▸ **PROBLEM TO WORK ON**
Where a line holds the word "bridge", copy that line from the data below.

▸ **SUPPLIED RECORDS**
● ● ● ● ●

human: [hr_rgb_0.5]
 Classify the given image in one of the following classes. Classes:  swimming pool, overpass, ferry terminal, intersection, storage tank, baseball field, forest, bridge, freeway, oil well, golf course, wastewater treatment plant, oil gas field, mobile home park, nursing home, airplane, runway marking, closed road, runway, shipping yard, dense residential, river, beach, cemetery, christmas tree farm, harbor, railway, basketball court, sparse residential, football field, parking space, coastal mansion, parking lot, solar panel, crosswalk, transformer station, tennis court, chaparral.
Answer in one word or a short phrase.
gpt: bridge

● ● ● ● ●

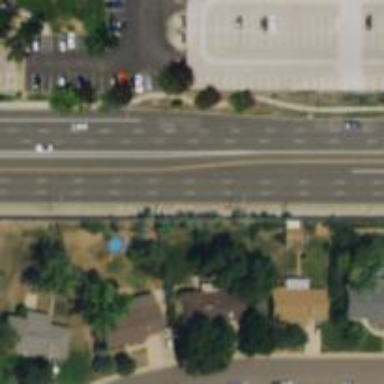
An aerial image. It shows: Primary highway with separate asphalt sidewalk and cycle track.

● ● ● ● ●

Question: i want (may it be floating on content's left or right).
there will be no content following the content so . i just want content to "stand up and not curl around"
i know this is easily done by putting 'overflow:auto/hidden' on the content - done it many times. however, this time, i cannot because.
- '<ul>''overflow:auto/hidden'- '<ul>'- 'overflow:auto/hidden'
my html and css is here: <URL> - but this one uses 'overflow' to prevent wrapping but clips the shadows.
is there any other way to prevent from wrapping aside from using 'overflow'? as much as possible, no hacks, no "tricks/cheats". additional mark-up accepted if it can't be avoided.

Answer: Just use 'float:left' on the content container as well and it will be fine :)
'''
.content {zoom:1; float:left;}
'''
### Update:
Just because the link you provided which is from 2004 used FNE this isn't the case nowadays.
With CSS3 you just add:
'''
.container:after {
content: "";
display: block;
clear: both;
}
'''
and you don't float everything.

● ● ● ● ●

▸ **SOLUTION FOR THIS EXERCISE**
 Classify the given image in one of the following classes. Classes:  swimming pool, overpass, ferry terminal, intersection, storage tank, baseball field, forest, bridge, freeway, oil well, golf course, wastewater treatment plant, oil gas field, mobile home park, nursing home, airplane, runway marking, closed road, runway, shipping yard, dense residential, river, beach, cemetery, christmas tree farm, harbor, railway, basketball court, sparse residential, football field, parking space, coastal mansion, parking lot, solar panel, crosswalk, transformer station, tennis court, chaparral.
gpt: bridge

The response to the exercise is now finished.